2025年10月から始まるふるさと納税の大きな変化について、多くの利用者が疑問や不安を抱えているのではないでしょうか。これまで多くの方にとって魅力的だった「返礼品+ポイント還元」という二重のメリットが、間もなく終了を迎えることになります。総務省が2024年6月28日に発表した制度改正により、楽天ふるさと納税、さとふる、ふるさとチョイス、ふるなびなど、すべての主要ポータルサイトにおけるポイント還元が全面的に禁止されることが決定しました。この変更は単なる制度調整ではなく、ふるさと納税制度の本来の趣旨である「ふるさとへの応援」に回帰させる重要な転換点となります。利用者にとっては確実にマイナスの影響となりますが、一方で自治体がより多くの寄附金を地域振興に活用できるようになるなど、制度の健全化という側面もあります。この大きな変化を前に、今何をすべきか、そして制度改正後はどのように対応すべきかを正しく理解することが重要です。

Q1: ふるさと納税のポイント廃止はいつから実施されるの?具体的なスケジュールを教えて
ふるさと納税のポイント付与廃止は、2025年10月1日から実施されます。この日を境に、楽天ふるさと納税、さとふる、ふるさとチョイス、ふるなびなど、すべての主要ポータルサイトは寄附者に対してポイントを付与することが一切できなくなります。
重要なポイントは、2025年9月30日までは現行通りポイント付与が可能であることです。つまり、ポイント還元を活用したい利用者は、2025年9月末までに寄附を完了させる必要があります。これまで年末に集中していた寄附が、今年は9月に駆け込み需要として発生することが予想されています。
モッピーやハピタスといったポイントサイト経由でのポイント還元も同様に禁止対象となります。ただし、クレジットカード決済によるカード会社のポイントは規制の対象外となる見込みです。例えば、楽天カードで楽天ふるさと納税を利用した場合の通常ポイント(1%)などは継続して付与される予定です。
この制度改正の背景には、ポータルサイト間のポイント付与競争の過熱化があります。各サイトが利用者獲得のため、高率のポイント還元キャンペーンを競うように実施した結果、本来の「ふるさとを応援する」という制度趣旨から逸脱した状況が生まれていました。総務省は、この構造により自治体がサイトに支払う手数料が増大し、本来地域振興に使われるべき財源が減少していることを問題視したのです。
2024年現在、各ポータルサイトは最後の大型キャンペーンを展開しています。楽天ふるさと納税では最大32%のポイント還元、ふるなびは最大100%相当のふるなびコイン還元、ふるさとプレミアムでは最大250%相当のAmazonギフトカード還元など、ポイント付与禁止前の最後の機会として、各サイトが総力を挙げてキャンペーンを展開しています。

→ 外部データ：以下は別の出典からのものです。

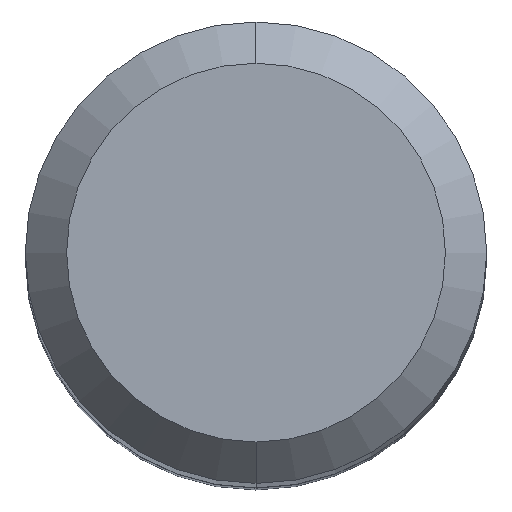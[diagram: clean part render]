
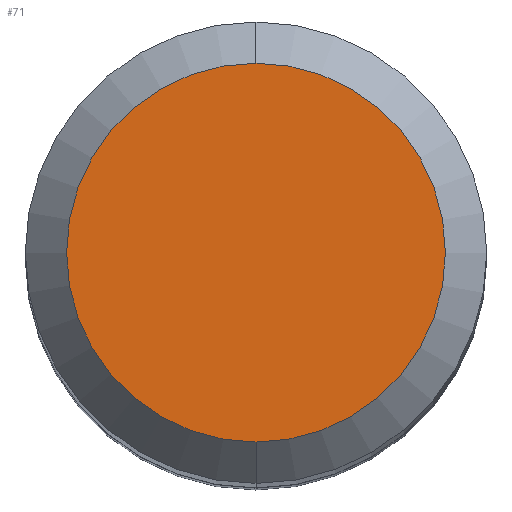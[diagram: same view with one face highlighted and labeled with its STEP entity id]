
A CAD part, top view. The second image highlights one B-rep face of the part: STEP entity #71.
In plain terms, the highlighted planar face has unit normal (0, 0, 1).
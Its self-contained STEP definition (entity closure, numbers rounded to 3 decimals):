
#71=ADVANCED_FACE('',(#136),#137,.T.);
#136=FACE_OUTER_BOUND('',#192,.T.);
#137=PLANE('',#193);
#192=EDGE_LOOP('',(#315,#316));
#193=AXIS2_PLACEMENT_3D('',#317,#318,#319);
#315=ORIENTED_EDGE('',*,*,#365,.T.);
#316=ORIENTED_EDGE('',*,*,#323,.T.);
#317=CARTESIAN_POINT('',(0.,-2.463,71.074));
#318=DIRECTION('',(0.0,0.0,1.0));
#319=DIRECTION('',(1.0,-0.0,0.0));
#323=EDGE_CURVE('',#372,#369,#373,.T.);
#365=EDGE_CURVE('',#369,#372,#428,.T.);
#369=VERTEX_POINT('',#432);
#372=VERTEX_POINT('',#436);
#373=CIRCLE('',#437,4.927);
#428=CIRCLE('',#505,4.927);
#432=CARTESIAN_POINT('',(0.,-4.927,71.074));
#436=CARTESIAN_POINT('',(0.,4.927,71.074));
#437=AXIS2_PLACEMENT_3D('',#509,#510,#511);
#505=AXIS2_PLACEMENT_3D('',#567,#568,#569);
#509=CARTESIAN_POINT('',(0.0,0.0,71.074));
#510=DIRECTION('',(0.0,0.0,1.0));
#511=DIRECTION('',(0.,-1.0,0.0));
#567=CARTESIAN_POINT('',(0.0,0.0,71.074));
#568=DIRECTION('',(0.0,0.0,1.0));
#569=DIRECTION('',(0.,-1.0,0.0));

Q2: なぜふるさと納税のポイント付与が禁止されることになったの?総務省の狙いとは
総務省がふるさと納税のポイント付与禁止に踏み切った背景には、大きく分けて二つの重要な理由があります。
第一の理由は、ポータルサイト間のポイント付与競争の過熱化です。各サイトが利用者獲得のため、高率のポイント還元キャンペーンを競うように実施した結果、本来の「ふるさとを応援する」という制度趣旨から大きく逸脱した状況が生まれていました。利用者の中には、返礼品の魅力よりもポイント還元率を重視して寄附先を選ぶケースが増えており、「地域への応援」ではなく「お得な買い物」としてふるさと納税を捉える傾向が強まっていたのです。
第二の理由は、自治体の財政負担の問題です。ポータルサイトは自治体から掲載手数料を受け取り、その一部をポイント還元の原資としています。現在、多くの自治体は寄附額の10%前後を手数料として支払っていますが、ポイント還元競争がこの手数料率の上昇圧力となっていました。総務省は、この構造により自治体がサイトに支払う手数料が増大し、本来地域振興に使われるべき財源が減少していることを深刻な問題として捉えました。
総務省が期待している効果は多岐にわたります。まず、自治体の手数料負担の軽減です。ポイント付与が禁止されることで、手数料率の上昇圧力が緩和され、自治体はより多くの寄附金を地域振興事業に活用できるようになります。
次に、寄附金のより効果的な活用が可能になります。手数料負担が軽減されれば、その分を地域振興事業や返礼品の充実に充てることができ、本来のふるさと納税の目的である「地域活性化」により多くの資金を投入できるようになります。
さらに、返礼品の質の向上も期待されています。ポイント還元という付加価値がなくなることで、自治体は返礼品そのものの魅力で寄附者を引き付ける必要が生じます。これにより、地域の特産品開発や品質向上への取り組みが活発化することが予想されます。
この制度改正に対して、楽天グループは強い反対姿勢を示しており、ふるさと納税へのポイント付与を禁止する総務省告示の無効確認を求める行政訴訟を東京地方裁判所に提起しています。一方、さとふるやふるさとチョイスなどの他の大手ポータルサイトは、総務省の方針に理解を示しており、業界内でも対応が分かれている状況です。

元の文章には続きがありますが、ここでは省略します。